An intriguing failing of convolutional neural networks and the CoordConv solution
This papers shows where normal Conv fails.
Last updated
This papers shows where normal Conv fails.
Last updated
Paper : https://arxiv.org/pdf/1807.03247.pdf
In this paper, author shows that when we try to learn the mapping from Cartesian coordinate to pixel in image, the convolution network fails i.e [x,y] -> images with pixel at [x,y] painted.
The proposed CoordConv layer is a simple extension to the standard convolutional layer.\The CoordConv layer can be implemented as a simple extension of standard convolution in which extra channels are instantiated and filled with (constant, untrained) coordinate information, after which they are concatenated channel-wise to the input representation and a standard convolutional layer is applied. Figure 3 depicts the operation where two coordinates, i and j, are added. Concretely, the i coordinate channel is an h×w rank-1 matrix with its first row filled with 0’s, its second row with 1’s, its third with 2’s, etc. The j coordinate channel is similar, but with columns filled in with constant values instead of rows. In all experiments, we apply a final linear scaling of both i and j coordinate values to make them fall in the range [−1, 1].

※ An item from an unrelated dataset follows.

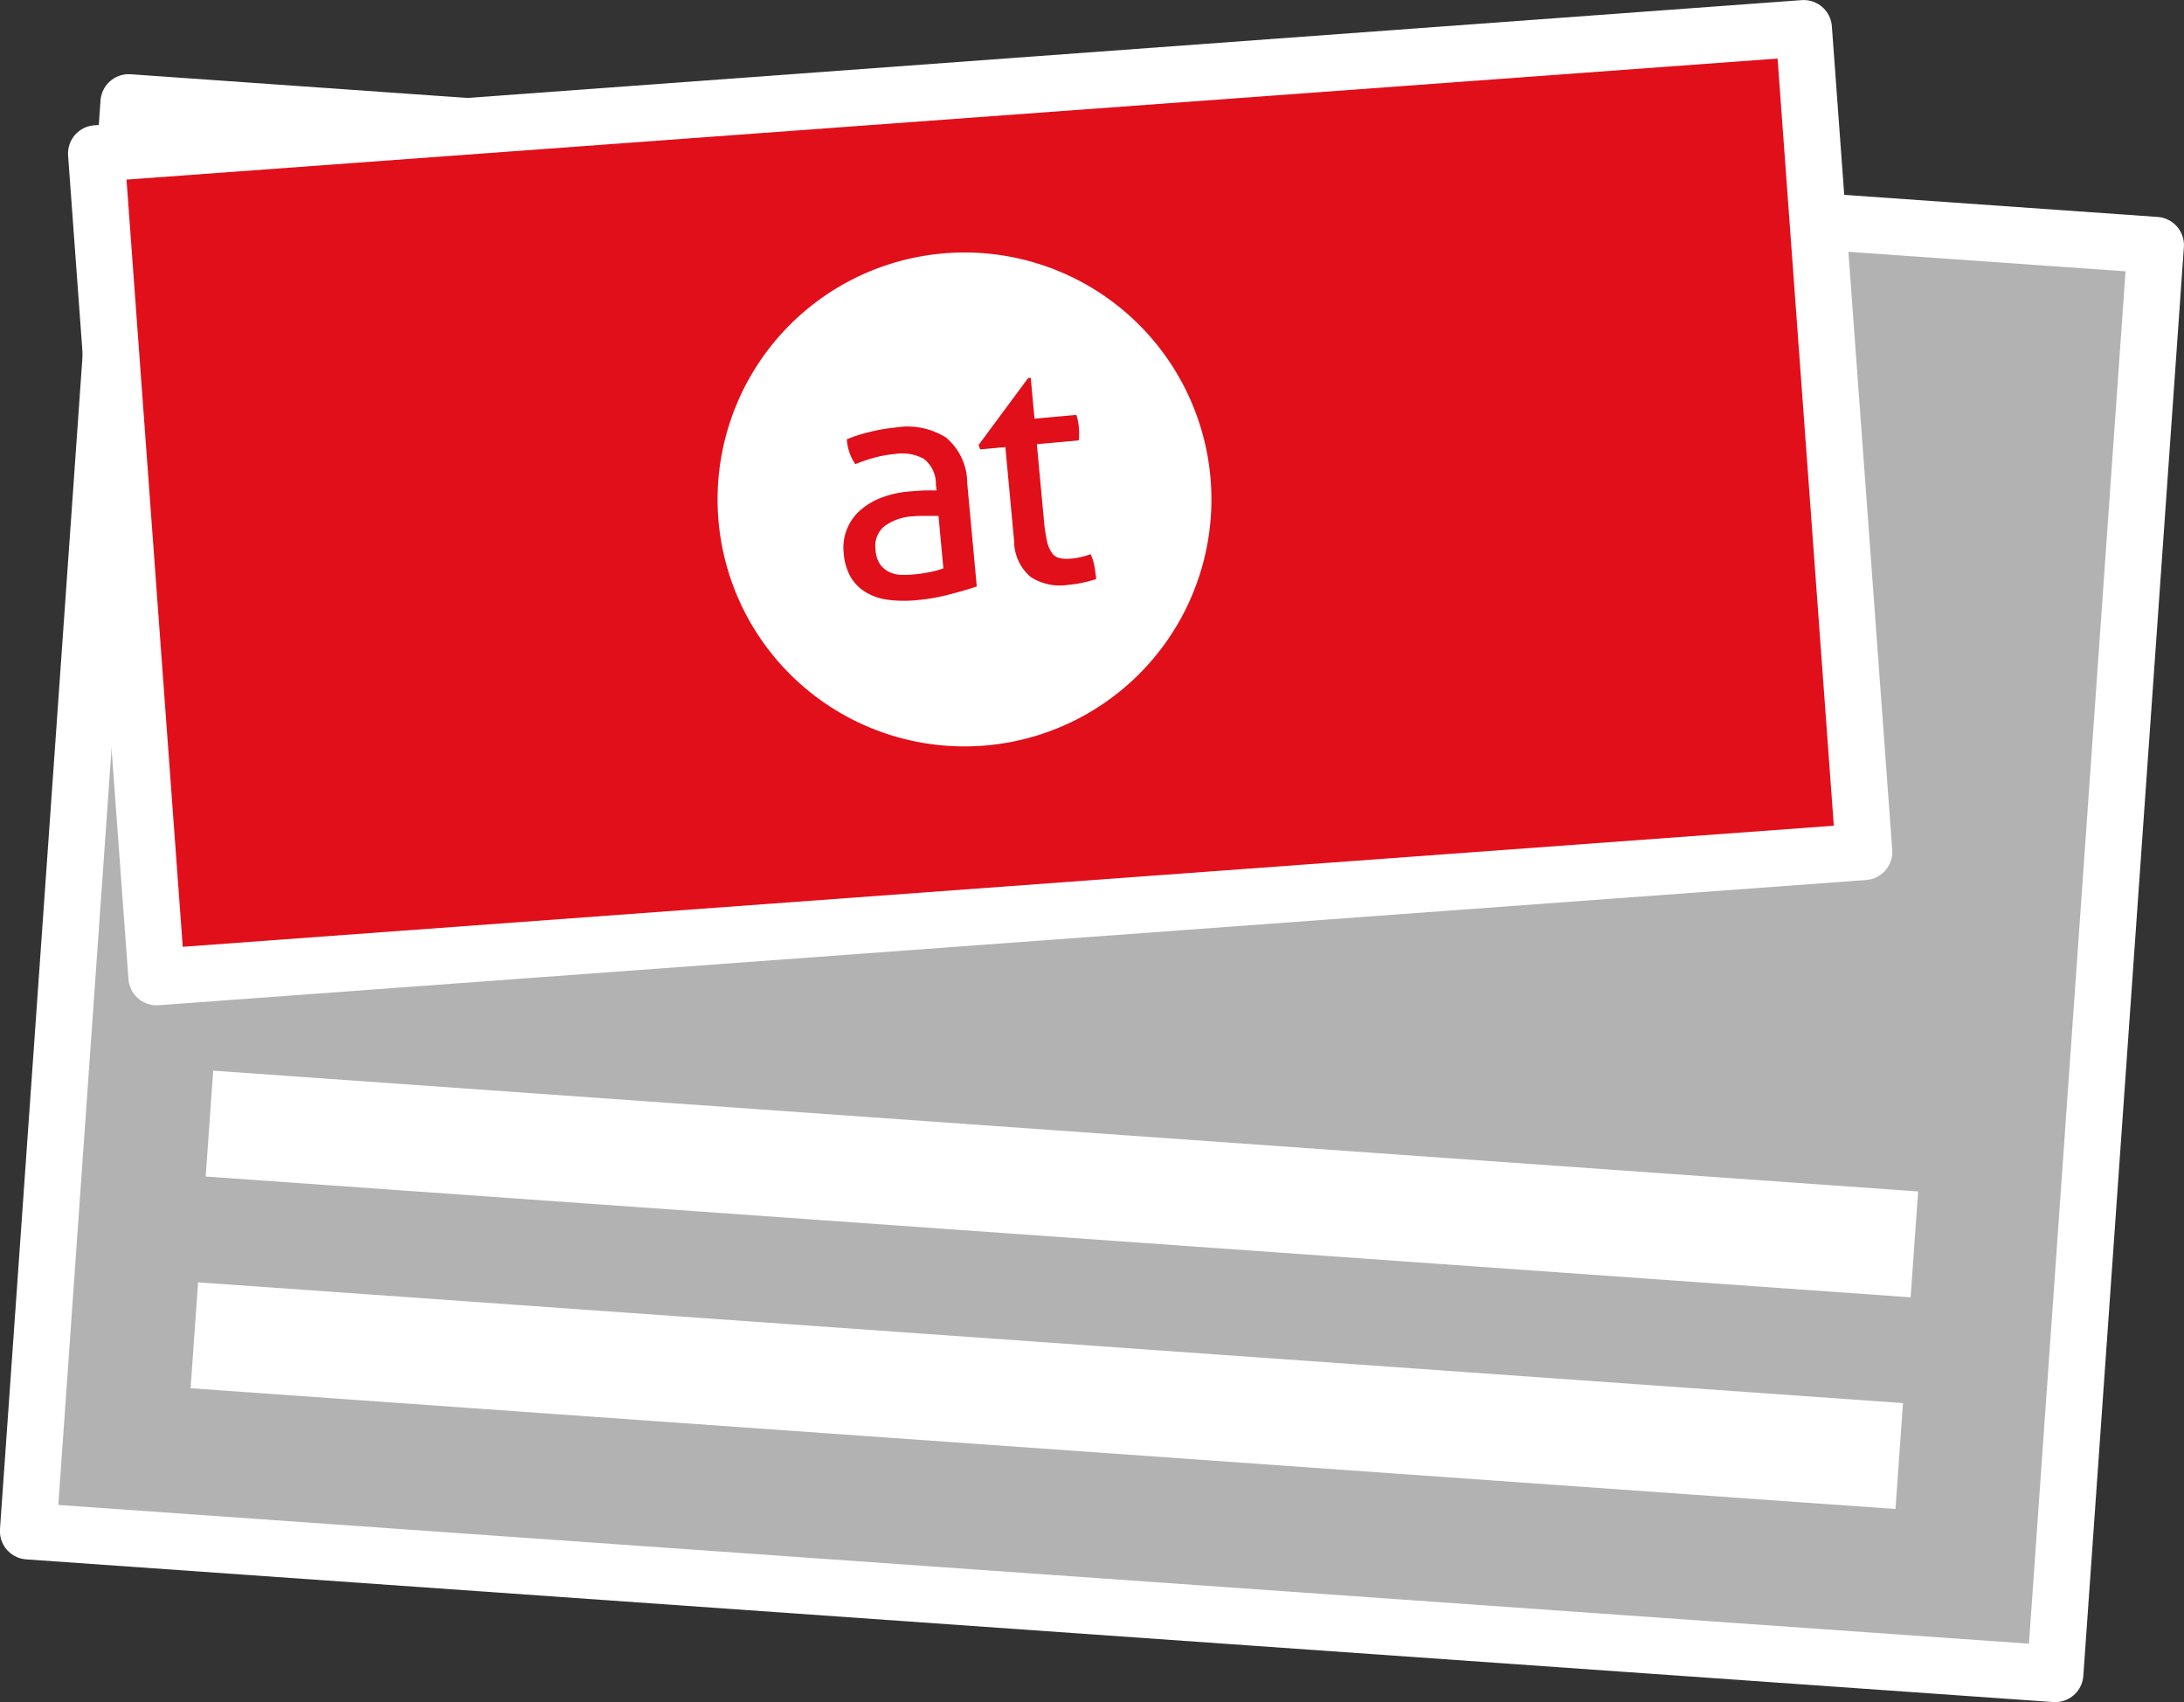 <?xml version="1.0"?>
<svg xmlns="http://www.w3.org/2000/svg" id="cbe0c3b0-9c51-493c-85c2-d7d63acd797b" data-name="Ebene 1" viewBox="0 0 57.978 45.182"><rect x="0" y="0" width="57.978" height="45.182" fill="#333333" stroke="none"/><title>mini</title><rect x="402.243" y="272.154" width="38.017" height="53.943" transform="translate(-298.976 422.785) rotate(-85.974)" fill="#b2b2b2" stroke="#fff" stroke-linecap="round" stroke-linejoin="round" stroke-width="1.5"/><rect x="395.558" y="277.931" width="45.448" height="21.918" transform="translate(-412.265 -244.191) rotate(-4.193)" fill="#e10f1a" stroke="#fff" stroke-linecap="round" stroke-linejoin="round" stroke-width="1.5"/><path d="M417.259,282.279a6.555,6.555,0,1,0,7.134,5.917A6.555,6.555,0,0,0,417.259,282.279Zm.933,8.836q-.292.1-.713.209a5.145,5.145,0,0,1-.866.154,3.405,3.405,0,0,1-.764-.007,1.54,1.54,0,0,1-.6-.2,1.148,1.148,0,0,1-.4-.4,1.475,1.475,0,0,1-.188-.63,1.317,1.317,0,0,1,.453-1.16,1.839,1.839,0,0,1,.565-.329,2.675,2.675,0,0,1,.692-.155c.183-.017.333-.027.451-.03s.216,0,.3,0l-.015-.163a.835.835,0,0,0-.322-.677,1.207,1.207,0,0,0-.762-.128,3.126,3.126,0,0,0-.556.1,4.344,4.344,0,0,0-.5.171,1.333,1.333,0,0,1-.225-.66,3.93,3.93,0,0,1,.628-.2,4.609,4.609,0,0,1,.671-.114,1.923,1.923,0,0,1,1.336.268,1.577,1.577,0,0,1,.561,1.2Zm2.82-.1a3.586,3.586,0,0,1-.4.059,1.427,1.427,0,0,1-.989-.21,1.256,1.256,0,0,1-.44-.96l-.232-2.488-.667.062-.045-.116,1.317-1.779.069-.007.1,1.086,1.111-.1a1.43,1.43,0,0,1,.065.322,1.755,1.755,0,0,1,.008.181c0,.057,0,.115-.01.174l-1.112.1.186,2a4.417,4.417,0,0,0,.083.571.842.842,0,0,0,.134.319.349.349,0,0,0,.211.136,1.068,1.068,0,0,0,.316.009,1.642,1.642,0,0,0,.271-.046c.084-.022.16-.045.227-.068a1.355,1.355,0,0,1,.105.344c.019.118.034.224.042.315A2.687,2.687,0,0,1,421.012,291.012Z" transform="translate(-392.262 -275.549)" fill="#fff"/><path d="M416.518,289.253a1.4,1.4,0,0,0-.79.273.686.686,0,0,0-.222.624.739.739,0,0,0,.131.393.653.653,0,0,0,.256.2.813.813,0,0,0,.321.065,3.237,3.237,0,0,0,.326-.013c.131-.013.265-.033.4-.06a2.407,2.407,0,0,0,.366-.1l-.13-1.393c-.087,0-.2,0-.328,0S416.608,289.245,416.518,289.253Z" transform="translate(-392.262 -275.549)" fill="#fff"/><rect x="419.041" y="284.287" width="2.817" height="45.374" transform="translate(-307.726 429.134) rotate(-85.948)" fill="#fff"/><rect x="418.643" y="289.908" width="2.818" height="45.373" transform="translate(-313.699 433.965) rotate(-85.949)" fill="#fff"/></svg>

Before conv was translation invarient, but as we are also giving coordinate information in form of channel in coordconv, they are not translation invarient. Hence, using cordconv can be useful when there is a mapping from image to coordinates or vice versa. CoordConv with weights connected to input coordinates set by initialization or learning to zero will be translation invariant and thus mathematically equivalent to ordinary convolution. If weights are nonzero, the function will contain some degree of translation dependence, the precise form of which will ideally depend on the task being solved.
This also sates that in object detection where output is coordinates of bounding box around object, using cord conv can increase the IoU by 24%.
Using coordConv can be very useful. It lets the filter know where are they in image and hence making it translation invariant. This propertly canbe useful when our input-output are related to coordinate and pixels.